- Work to be completed
Transcribe, without alteration, only the lines from the one containing "265.564c-.001 4.144-7.035 7.507-12.007" through the last line of the material, both ends included.

- Records for this exercise
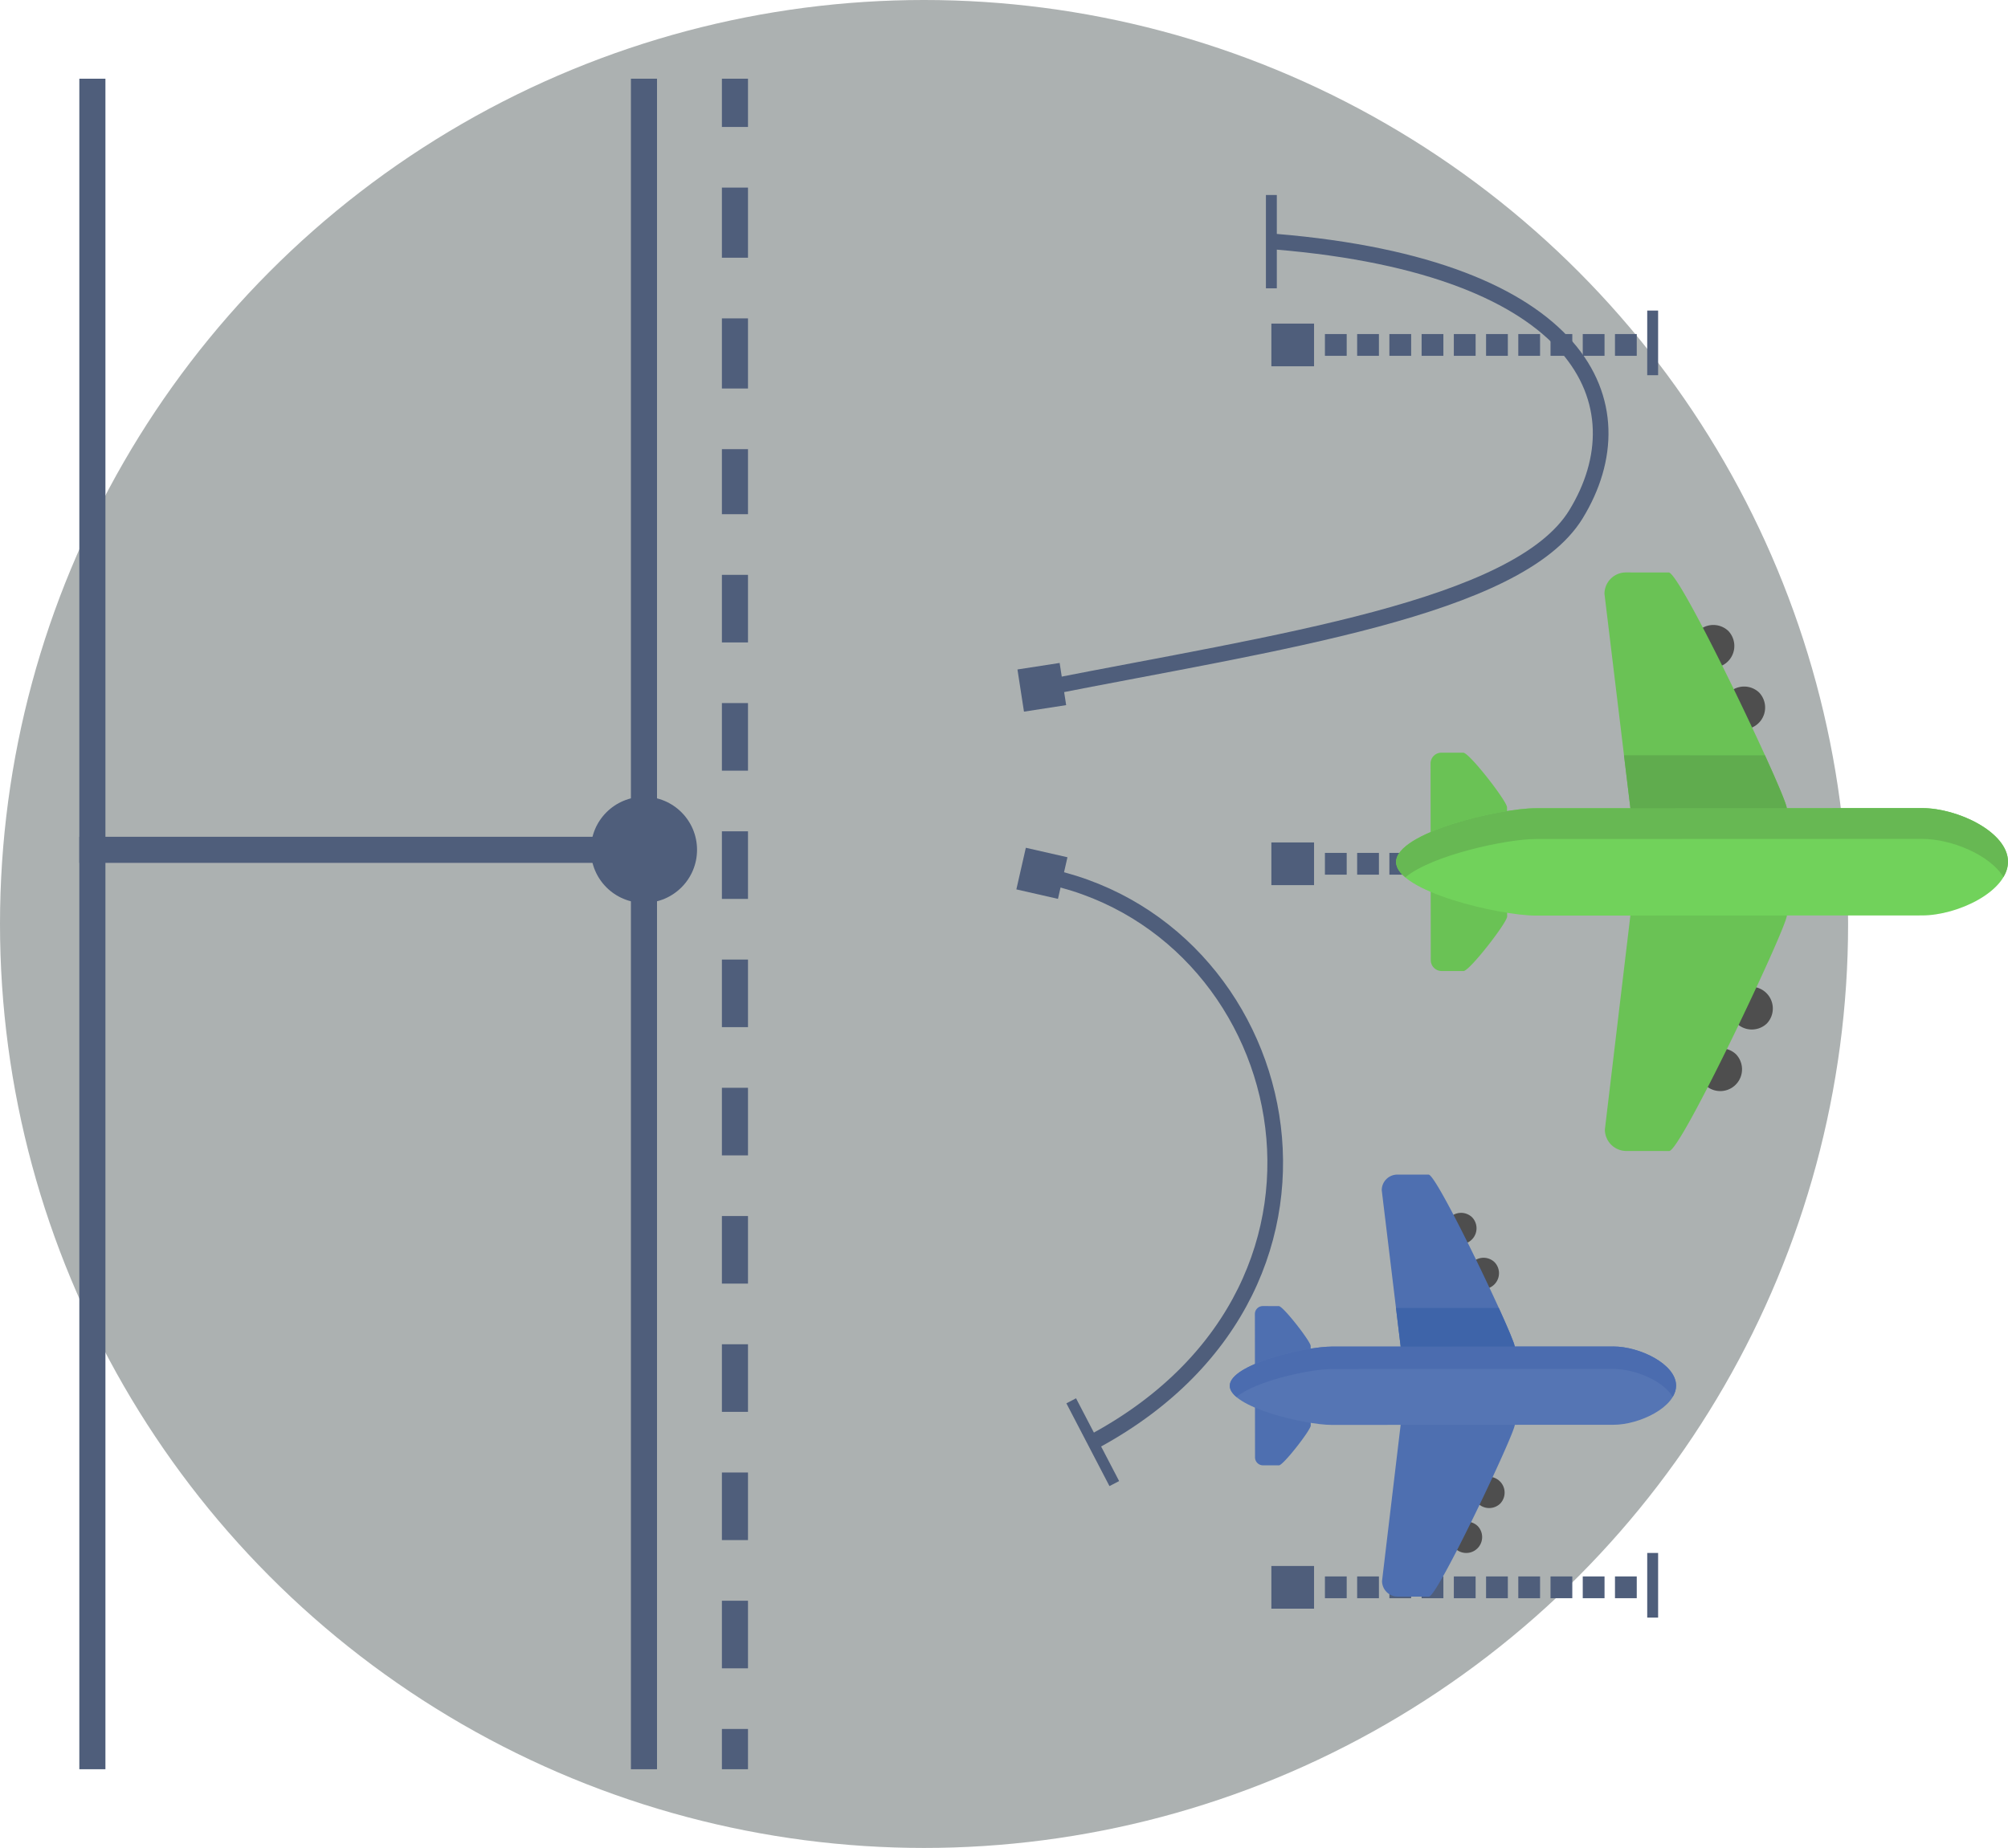 <svg
  aria-labelledby="title-real-time-reporting"
  height="354.169"
  id="real-time-reporting"
  role="img"
  viewBox="0 0 384.813 354.169"
  width="384.813"
  x="0"
  xmlns="http://www.w3.org/2000/svg"
  y="0">

  <title id="title-real-time-reporting">Real-Time Reporting Icon</title>

  <style>
    .st1 { fill: #4f5e7b; }
    .st3 { fill: none; stroke: #4f5e7b; stroke-width: 3; stroke-miterlimit: 10; }
    .st4 { fill: #4e4e4e; }
  </style>

  <circle id="Oval" cx="177.085" cy="177.085" r="177.085" fill="#acb1b1" fill-rule="evenodd" clip-rule="evenodd"/>
  <path d="M15.203 15.085h5v324h-5zM120.909 15.085h5v324h-5z" class="st1"/>
  <path d="M15.204 160.375H125.91v5H15.204z" class="st1"/>
  <circle cx="123.409" cy="162.875" r="10.171" class="st1"/>
  <path d="M138.345 159.328h5v12.953h-5zM138.345 183.905h5v12.953h-5zM138.345 86.084h5V98.55h-5zM138.345 208.482h5v12.953h-5zM138.345 110.174h5v12.953h-5zM138.345 134.751h5v12.953h-5zM138.345 331.368h5v7.717h-5zM138.345 282.214h5v12.953h-5zM138.345 233.06h5v12.953h-5zM138.345 257.637h5v12.953h-5zM138.345 306.791h5v12.953h-5zM138.345 61.02h5v13.44h-5zM138.345 15.085h5v9.247h-5zM138.345 35.955h5v13.44h-5zM243.645 62.02h8.18v8.18h-8.18zM315.674 59.523h2.087v12.389h-2.087zM309.495 64.023h4.173v4.173h-4.173zM303.319 64.023h4.173v4.173h-4.173zM297.143 64.023h4.173v4.173h-4.173zM290.966 64.023h4.173v4.173h-4.173zM284.79 64.023h4.173v4.173h-4.173zM278.614 64.023h4.173v4.173h-4.173zM272.437 64.023h4.173v4.173h-4.173zM266.261 64.023h4.173v4.173h-4.173zM260.085 64.023h4.173v4.173h-4.173zM253.908 64.023h4.173v4.173h-4.173zM243.645 161.46h8.18v8.18h-8.18zM315.674 158.963h2.087v12.389h-2.087zM309.495 163.463h4.173v4.173h-4.173zM303.319 163.463h4.173v4.173h-4.173zM297.142 163.463h4.173v4.173h-4.173zM290.966 163.463h4.173v4.173h-4.173zM284.79 163.463h4.173v4.173h-4.173zM278.614 163.463h4.173v4.173h-4.173zM272.437 163.463h4.173v4.173h-4.173zM266.261 163.463h4.173v4.173h-4.173zM260.085 163.463h4.173v4.173h-4.173zM253.908 163.463h4.173v4.173h-4.173zM243.645 300.131h8.18v8.18h-8.18zM315.674 297.634h2.087v12.389h-2.087zM309.495 302.133h4.173v4.173h-4.173zM303.319 302.134h4.173v4.173h-4.173zM297.142 302.134h4.173v4.173h-4.173zM290.966 302.134h4.173v4.173h-4.173zM284.79 302.134h4.173v4.173h-4.173zM278.613 302.134h4.173v4.173h-4.173zM272.437 302.134h4.173v4.173h-4.173zM266.261 302.134h4.173v4.173h-4.173zM260.085 302.134h4.173v4.173h-4.173zM253.908 302.134h4.173v4.173h-4.173z" class="st1"/>
  <path d="M195.581 163.288h8.18v8.18h-8.18z" class="st1" transform="rotate(-77.162 199.671 167.378)"/>
  <path d="M208.375 267.462h2.087v17.884h-2.087z" class="st1" transform="rotate(-27.498 209.425 276.413)"/>
  <path d="M195.562 127.636h8.18v8.18h-8.18z" class="st1" transform="rotate(-8.783 199.647 131.723)"/>
  <path d="M242.602 37.372h2.087v17.885h-2.087z" class="st1"/>
  <g>
    <path d="M210.04 276.052c55.426-30.179 37.884-99.463-10.893-108.416M244.384 46.314c59.204 4.904 70.426 31.321 57.644 52.235-11.062 18.101-57.644 24.577-101.227 33.174" class="st3"/>
  </g>
  <g>
    <path d="M331.22 120.929a4.174 4.174 0 00-5.901 5.901 4.174 4.174 0 005.901-5.901zm5.901 11.801a4.174 4.174 0 00-5.901 5.901 4.174 4.174 0 005.901-5.901zm1.475 63.434a4.174 4.174 0 00-5.901-5.901 4.174 4.174 0 005.901 5.901zm-5.901 5.901a4.174 4.174 0 00-5.901 5.901 4.174 4.174 0 005.901-5.901zm-1.475-81.136a4.174 4.174 0 00-5.901 5.901 4.174 4.174 0 005.901-5.901zm5.901 11.801a4.174 4.174 0 00-5.901 5.901 4.174 4.174 0 005.901-5.901zm1.475 63.434a4.174 4.174 0 00-5.901-5.901 4.174 4.174 0 005.901 5.901zm-5.901 5.901a4.174 4.174 0 00-5.901 5.901 4.174 4.174 0 005.901-5.901z" class="st4"/>
    <path fill="#6ac255" d="M288.808 154.729l.021 20.924c.001 1.155-7.202 10.453-8.36 10.455l-4.184-.006a2.095 2.095 0 01-2.095-2.095l-.003-2.169-.018-16.596-.015-16.835-.004-2.061c0-1.157.935-2.092 2.09-2.09l4.185.004c1.159-.001 8.382 9.311 8.383 10.469zm53.612.182l.016 20.533c0 2.269-20.285 45.16-22.554 45.157l-8.214-.006a4.116 4.116 0 01-4.11-4.11l6.124-51.406-6.2-51.262a4.1 4.1 0 014.105-4.105l8.212.007c2.269.004 22.621 42.924 22.621 45.192z"/>
    <path fill="#71d25b" d="M384.811 165.158c-.001 5.681-9.645 10.291-16.46 10.291l-74.061.03c-6.818.003-26.744-4.595-26.74-10.276.001-5.681 19.93-10.294 26.747-10.298l74.06-.025c6.818-.007 16.457 4.596 16.454 10.278z"/>
    <path fill="#60ac4e" d="M311.222 144.756l1.263 10.43h29.935v-.274c-.001-.656-1.708-4.721-4.184-10.155l-27.014-.001z"/>
    <path fill="#67b853" d="M294.297 160.805l74.06-.025c5.588-.003 13.057 3.088 15.577 7.327.556-.934.878-1.922.879-2.947.003-5.682-9.636-10.285-16.456-10.281l-74.06.025c-6.818.003-26.745 4.617-26.747 10.298-.001 1.028.665 2.017 1.773 2.95 5.015-4.243 19.386-7.344 24.974-7.347z"/>
  </g>
  <g>
    <path d="M282.113 233.301a3.044 3.044 0 00-4.304 4.304 3.044 3.044 0 004.304-4.304zm4.305 8.609a3.044 3.044 0 00-4.304 4.304 3.044 3.044 0 004.304-4.304zm1.076 46.27a3.044 3.044 0 00-4.304-4.304 3.044 3.044 0 004.304 4.304zm-4.305 4.304a3.044 3.044 0 00-4.304 4.304 3.044 3.044 0 004.304-4.304zm-1.076-59.183a3.044 3.044 0 00-4.304 4.304 3.044 3.044 0 004.304-4.304zm4.305 8.609a3.044 3.044 0 00-4.304 4.304 3.044 3.044 0 004.304-4.304zm1.076 46.27a3.044 3.044 0 00-4.304-4.304 3.044 3.044 0 004.304 4.304zm-4.305 4.304a3.044 3.044 0 00-4.304 4.304 3.044 3.044 0 004.304-4.304z" class="st4"/>
    <path fill="#4e6fb0" d="M251.177 257.956l.015 15.263c.001.843-5.253 7.625-6.098 7.626l-3.052-.004a1.528 1.528 0 01-1.528-1.528l-.002-1.582-.013-12.106-.011-12.28-.003-1.503c0-.844.682-1.526 1.525-1.525l3.053.003c.844-.001 6.113 6.791 6.114 7.636zm39.106.133l.012 14.978c0 1.655-14.797 32.941-16.452 32.939l-5.991-.004a3.002 3.002 0 01-2.998-2.998l4.467-37.497-4.523-37.392a2.991 2.991 0 012.995-2.995l5.99.005c1.654.002 16.5 31.309 16.5 32.964z"/>
    <path fill="#5575b4" d="M321.204 265.564c-.001 4.144-7.035 7.507-12.007 7.507l-54.022.022c-4.974.002-19.508-3.352-19.505-7.496.001-4.144 14.538-7.509 19.51-7.512l54.021-.018c4.975-.006 12.005 3.352 12.003 7.497z"/>
    <path fill="#3e64a9" d="M267.526 250.682l.921 7.608h21.835v-.2c-.001-.479-1.246-3.443-3.052-7.408h-19.704z"/>
    <path fill="#4b6caf" d="M255.181 262.388l54.021-.018c4.076-.002 9.524 2.252 11.362 5.345.406-.681.64-1.402.641-2.15.002-4.145-7.029-7.502-12.003-7.499l-54.021.018c-4.974.002-19.509 3.368-19.51 7.512-.001.75.485 1.471 1.293 2.152 3.658-3.096 14.141-5.358 18.217-5.36z"/>
  </g>
</svg>

- Response to the exercise
    <path fill="#5575b4" d="M321.204 265.564c-.001 4.144-7.035 7.507-12.007 7.507l-54.022.022c-4.974.002-19.508-3.352-19.505-7.496.001-4.144 14.538-7.509 19.51-7.512l54.021-.018c4.975-.006 12.005 3.352 12.003 7.497z"/>
    <path fill="#3e64a9" d="M267.526 250.682l.921 7.608h21.835v-.2c-.001-.479-1.246-3.443-3.052-7.408h-19.704z"/>
    <path fill="#4b6caf" d="M255.181 262.388l54.021-.018c4.076-.002 9.524 2.252 11.362 5.345.406-.681.64-1.402.641-2.15.002-4.145-7.029-7.502-12.003-7.499l-54.021.018c-4.974.002-19.509 3.368-19.51 7.512-.001.75.485 1.471 1.293 2.152 3.658-3.096 14.141-5.358 18.217-5.36z"/>
  </g>
</svg>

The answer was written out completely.